Mais c’est également un certain
Une des joies de venir au salon, c’est le toucher, l’échange. Pas se faire recevoir par
un robot en combinaison. MONIKA
manque de logique dans les réactions que Monika dénonce. « Je remercie mon gouverneur de m’avoir traitée comme une adulte. Même si, pour cela, certains l’ont traité de fasciste. Ce qui prouve qu’ils ne comprennent absolument pas ce qu’est le fascisme ! Bref. Des clients qui haïssent Donald Trump ont commencé à m’envoyer des textos sous-entendant que si j’ouvrais mon salon, je me rendrais coupable de génocide. »
Les annulations, qui avaient débuté en mars, se sont enchaînées. Son calendrier s’est vidé. De rares fidèles ont toutefois continué à faire appel à elle. « Certains disaient “je m’en fous de la pandémie, c’est de la connerie”. D’autres me confiaient être plongés dans une dépression, et en avoir marre de passer tout leur temps avec leurs enfants. Ils voulaient discuter avec moi, qui ne paniquais pas. Parce que les coiffeurs sont des amis. Pas juste des gens qui coupent des cheveux. »

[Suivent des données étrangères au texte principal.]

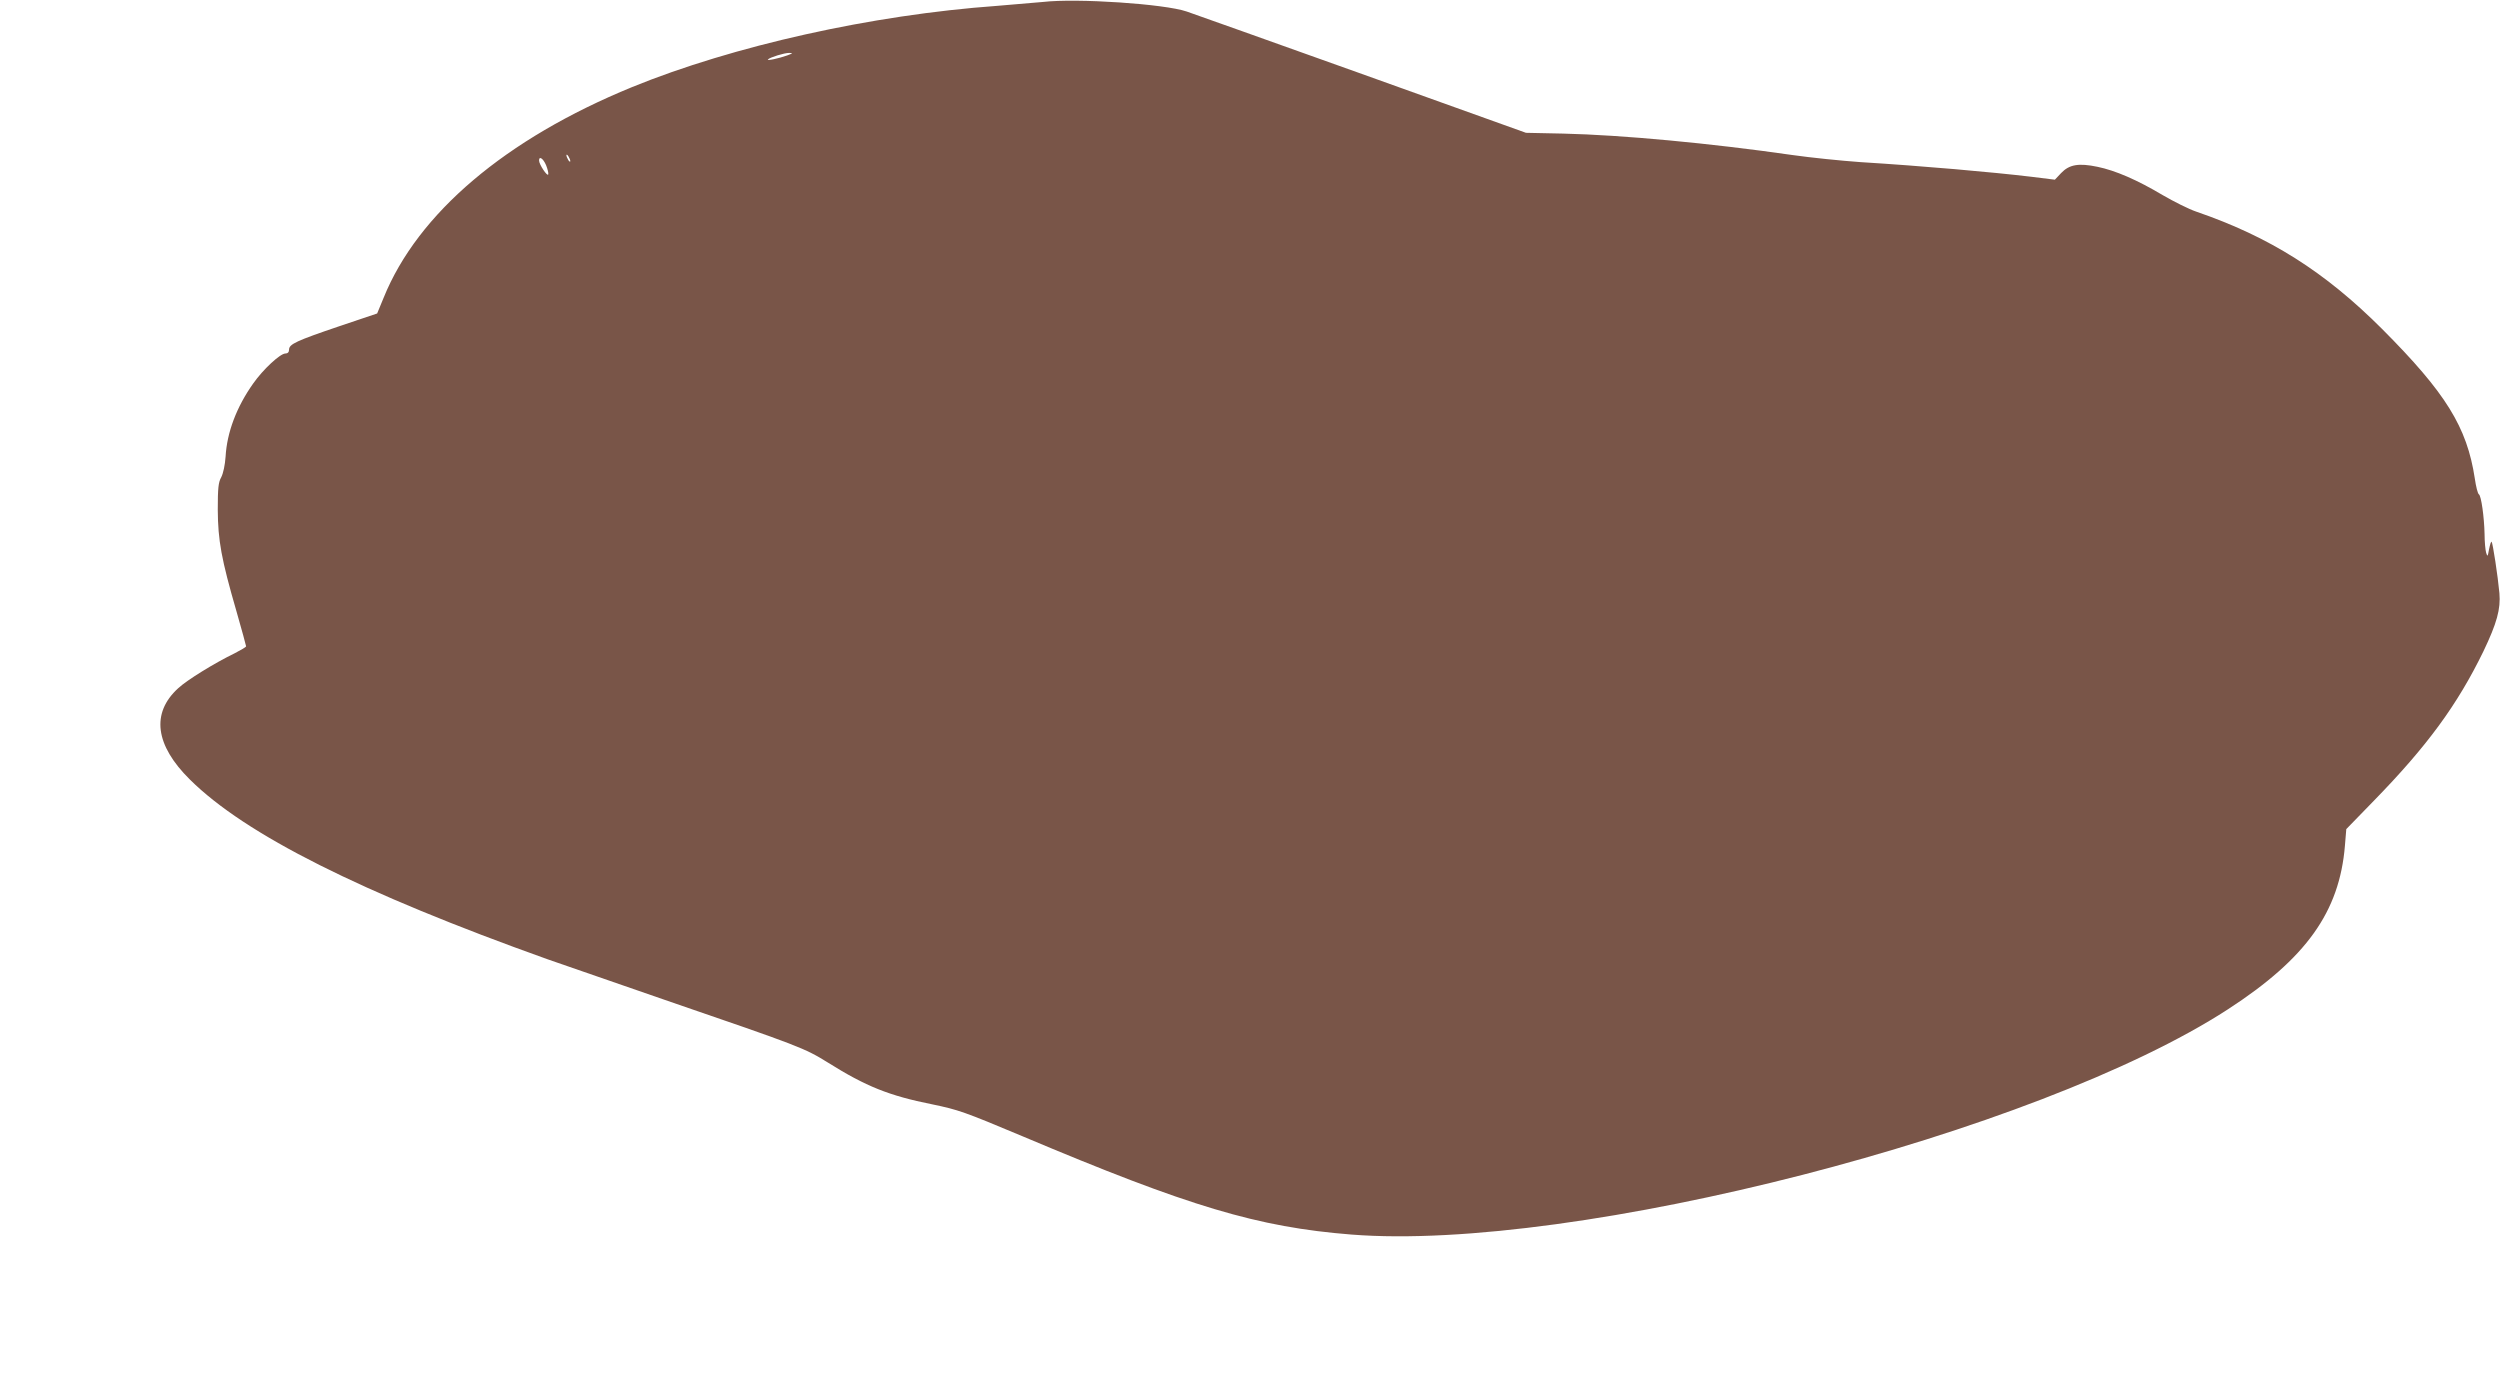 <?xml version="1.0" standalone="no"?>
<!DOCTYPE svg PUBLIC "-//W3C//DTD SVG 20010904//EN"
 "http://www.w3.org/TR/2001/REC-SVG-20010904/DTD/svg10.dtd">
<svg version="1.0" xmlns="http://www.w3.org/2000/svg"
 width="1280pt" height="704pt" viewBox="0 0 1280 704"
 preserveAspectRatio="xMidYMid meet">
<g transform="translate(0,704) scale(0.1,-0.1)"
fill="#795548" stroke="none">
<path d="M5340 7030 c-41 -4 -147 -13 -235 -20 -641 -46 -1352 -205 -1869
-416 -647 -265 -1097 -646 -1272 -1079 l-33 -80 -193 -65 c-221 -75 -258 -92
-258 -120 0 -13 -7 -20 -19 -20 -26 0 -114 -81 -165 -154 -85 -120 -134 -250
-141 -374 -3 -43 -12 -85 -22 -105 -15 -26 -18 -56 -18 -167 1 -157 18 -252
96 -521 27 -94 49 -175 49 -178 0 -4 -26 -19 -57 -35 -105 -51 -246 -138 -291
-180 -139 -127 -118 -291 60 -467 284 -282 876 -579 1833 -921 77 -27 354
-123 615 -213 676 -232 699 -241 820 -316 193 -121 312 -169 532 -213 135 -28
164 -38 464 -164 853 -360 1203 -465 1684 -503 1144 -90 3511 519 4488 1154
400 260 570 498 598 837 l7 85 141 145 c274 281 428 492 561 765 69 144 89
217 82 298 -8 87 -34 258 -40 263 -3 3 -8 -14 -13 -38 -7 -39 -8 -40 -15 -18
-4 14 -8 57 -8 95 -2 89 -17 196 -29 204 -6 3 -15 40 -21 81 -40 264 -149 439
-475 766 -293 293 -575 471 -950 600 -39 13 -116 52 -173 85 -131 78 -242 126
-334 145 -96 20 -144 12 -186 -32 l-32 -34 -121 15 c-201 24 -553 55 -875 75
-99 7 -255 23 -346 36 -424 61 -875 103 -1175 110 l-191 4 -839 301 c-461 165
-866 309 -898 320 -113 39 -563 69 -736 49z m-1310 -274 c-42 -15 -106 -29
-98 -20 12 11 83 33 108 33 22 0 20 -2 -10 -13z m-1110 -541 c0 -5 -5 -3 -10
5 -5 8 -10 20 -10 25 0 6 5 3 10 -5 5 -8 10 -19 10 -25z m-124 -21 c8 -20 13
-41 11 -47 -4 -13 -47 51 -47 71 0 25 21 11 36 -24z"/>
</g>
</svg>

Ce qui revient à la question : tout ouvrir, d’accord, mais si les gens ne veulent pas venir ? Loin de ce « bordel politique », comme Monika l’appelle (« Vous avez Trudeau, nous avons Trump. C’est la chute des États-Unis, pas celle du Canada »), Stéphane Roy note qu’au Québec, les livres de rendezvous débordent. Et que les fermetures sont pour l’instant minimes. « Sur les quelque 15 000 salons que compte la province, je n’en ai pas vu plus de 10 à vendre, ou annonçant leur fin. »
Monika, elle, assure qu’elle n’a pas eu le choix de faire une croix sur l’entreprise qu’elle devait léguer à son fils de 29 ans. « Mes employés ne voulaient pas entrer travailler. Leurs clients, quant à eux, ne voulaient pas se pointer. Soit par peur du virus, soit pour boycotter une économie qu’ils rejettent. »

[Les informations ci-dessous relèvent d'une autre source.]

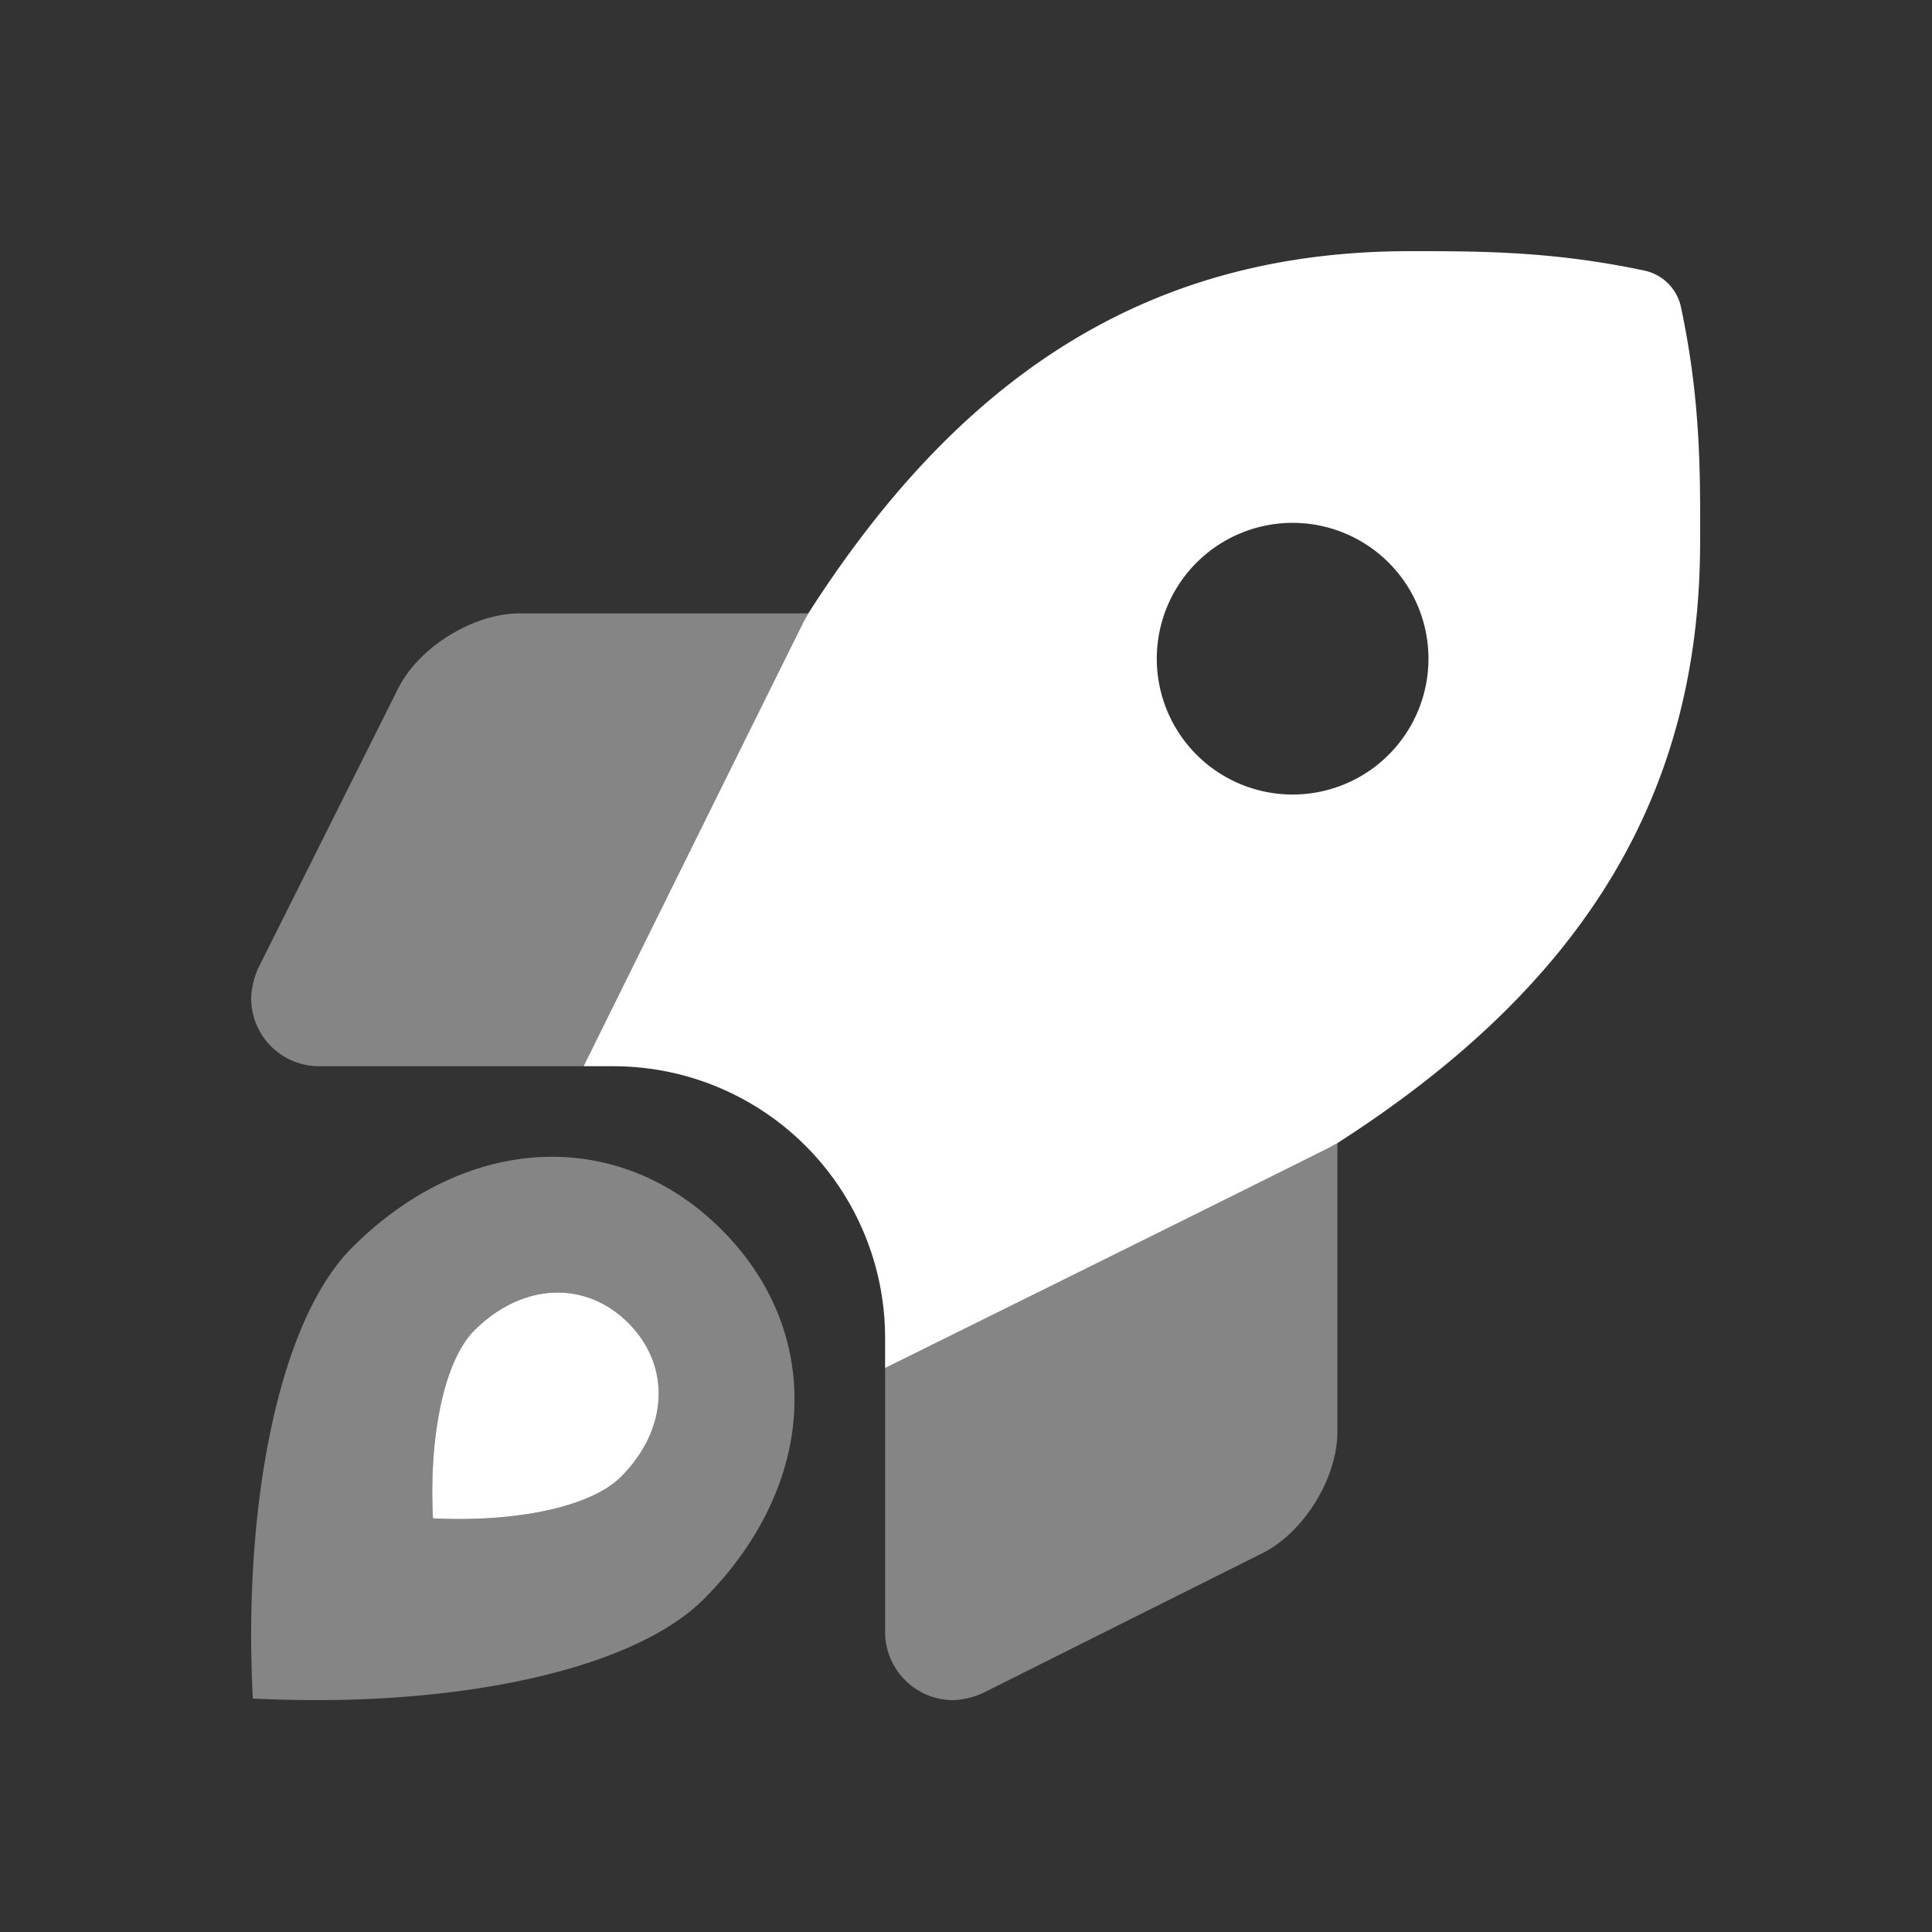 <svg width="100" height="100" xmlns="http://www.w3.org/2000/svg"><rect width="100%" height="100%" fill="#333333" stroke="none"/><g fill="#FFF" fill-rule="nonzero"><path d="M18.226 64.572c-3.786 3.787-5.658 13.261-5.141 23.342 10.122.52 19.568-1.37 23.34-5.143 5.902-5.9 6.28-13.767.925-19.123-5.356-5.355-13.223-4.976-19.124.924Zm13.91 11.873c-1.572 1.573-5.508 2.36-9.727 2.143-.214-4.2.566-8.148 2.144-9.726 2.458-2.459 5.737-2.617 7.968-.385s2.074 5.51-.385 7.968ZM20.61 35.63 13.37 50.104A4.12 4.12 0 0 0 13 51.672a3.517 3.517 0 0 0 3.516 3.516h13.69c3.434-6.946 8.937-18.073 11.41-23.047.076-.134.146-.259.223-.391H26.89c-2.393.002-5.204 1.74-6.28 3.88Zm48.25 23.743c-4.974 2.491-16.122 8.01-23.047 11.437v13.705A3.534 3.534 0 0 0 49.322 88a4.106 4.106 0 0 0 1.557-.37l14.462-7.236c2.142-1.07 3.882-3.882 3.882-6.278v-14.87c.01-.006.018-.013.027-.02v-.077l-.39.224Z" opacity=".4"/><path d="M86.998 15.859a2.452 2.452 0 0 0-1.836-1.842C80.416 13 76.629 13 72.983 13c-13.059 0-22.95 5.95-31.129 18.723l-.238.418c-2.473 4.974-7.976 16.101-11.41 23.047h1.544A14.062 14.062 0 0 1 45.812 69.25v1.56c6.925-3.427 18.073-8.946 23.048-11.437l.408-.234c12.779-8.212 18.73-18.093 18.73-31.095.011-3.676.02-7.414-1-12.185ZM66.906 41.125a7.031 7.031 0 1 1 0-14.062 7.031 7.031 0 0 1 0 14.062ZM24.553 68.862c-1.578 1.578-2.358 5.526-2.144 9.726 4.219.218 8.155-.57 9.727-2.143 2.459-2.458 2.616-5.736.385-7.968s-5.51-2.074-7.968.385Z"/></g></svg>

Une autre raison qui l’a poussée à travailler de la maison, dit l’expressive styliste, ce sont les règlements. « Il aurait fallu prendre la température des clients, nous balader avec des masques conçus pour des médecins, et enfiler des visières que les chirurgiens portent quand ils charcutent des patients sur une table d’opération. Tout ça pour couper des cheveux. De la folie, si vous voulez mon avis ! » « J’ai 60 ans, je n’ai pas envie de niaiser ! enchaîne-t-elle, sur une lancée. Une des joies de venir au salon, c’est le toucher, l’échange. Pas se faire recevoir par un robot en combinaison. »
Au Québec, du côté des règlements, il y a eu de petits cafouillages, souligne de son côté Stéphane Roy. Une version antérieure du guide sanitaire destiné à son milieu, dit-il, imposait le port de lunettes de protection aux coiffeurs (« même les médecins ne portent pas ça ! ») et d’une blouse obligatoirement changée entre chaque client. Lesdites règles ont depuis été assouplies. Résultat ? « Beaucoup de propriétaires de salons ont acheté des centaines de blouses pour des milliers de dollars inutilement. » Une dépense dont n’avait pas besoin une industrie frappée par l’annulation des bals de finissants, des mariages, des festivals.
Reste une certaine lueur. En région, où les coiffeurs ont rouvert depuis le 1er juin, les choses vont bien. « Les propriétaires disent que les clients leur amènent une énergie incroyable, rapporte Stéphane Roy. Et dans la grande région de Montréal, où la plupart des salons ont décidé d’augmenter les prix de 5 % à 20 %, la clientèle accepte et comprend la situation. » Ne reste plus qu’à passer au salon.